- Supreme Court of Canada

Hearing: May 2, 3, 4, 1966 Judgment: June 28, 1966
- Full case name: Harold Munro v National Capital Commission
- Citations: [1966] SCR 663
- Prior history: Judgment for the National Capital Commission in the Exchequer Court of Canada.
- Ruling: Appeal dismissed.

Holding
- It is within the powers of Parliament to authorize expropriation of land in the National Capital Region by the National Capital Commission for purposes defined in the National Capital Act.

Court membership

Reasons given
- Unanimous reasons by: Cartwright J

Laws applied
- Alberta (AG) v Canada (AG) [1943];; Quebec (AG) v Canada (AG) [1932];; Johannesson v West St Paul (Rural Municipality of) [1952];; Ontario (AG) v Canada Temperance Federation [1946];; Saskatchewan (AG) v Canada (AG) [1949];; Gold Seal Limited v Dominion Express Company [1921]; ;

= Munro v National Capital Commission =

Judgement of the Supreme Court of Canada

Munro v National Capital Commission, [1966] S.C.R. 663 is a leading Supreme Court of Canada decision on the federal peace, order, and good government power, where the Court held that the zoning, expropriation and renovation of land within the National Capital Region, in the vicinity of Ottawa, is a matter under the authority of the federal government.

Typically, matters of city improvement, zoning and bylaws are in the exclusive power of the provincial government under the property and civil rights power of the Constitution Act, 1867. However, the unique nature of the City of Ottawa in relation to the federal government was the basis of giving authority to the federal government.
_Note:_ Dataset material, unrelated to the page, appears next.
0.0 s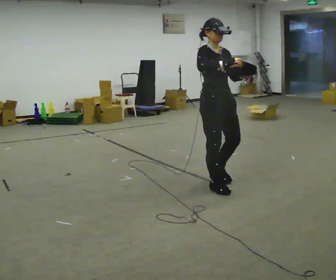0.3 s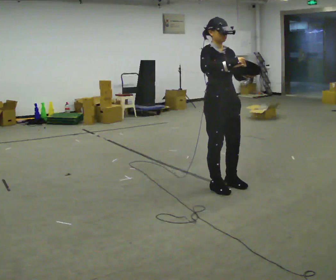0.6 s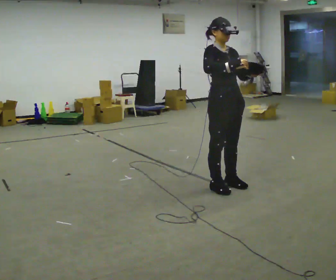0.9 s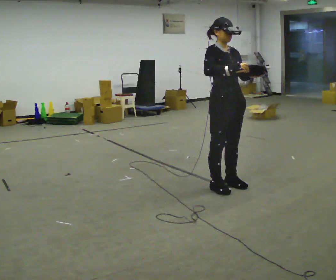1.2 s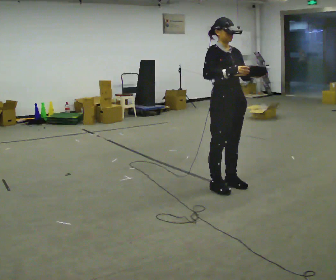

The interpretation of the "national concern" branch of the peace, order, and good government clause is a significantly broad one.

The National Capital Commission, a federal body, sought approval from the Governor General to expropriate land for the creation of a green belt around Ottawa. The proposal was challenged as being beyond the power of the NCC.

A unanimous Court held that the NCC plan falls within the "national concern test" of the peace, order, and good government clause. To reach this conclusion, the Court examined the pith and substance of the empowering legislation and found that the law was in relation to establishing the national capital region “in order that the nature and character of the seat of the Government of Canada may be in accordance with its national significance.” The Court then allocated the matter to a Constitutional head of power but found that it did not come within either section 92 (the provincial head of power) or section 91(1) (the federal head of power). Instead the Court held that it fell within Section 91 and the "national concern" branch of POGG as it deals with a “single matter of national interest” as in Ontario (AG) v Canada Temperance Federation.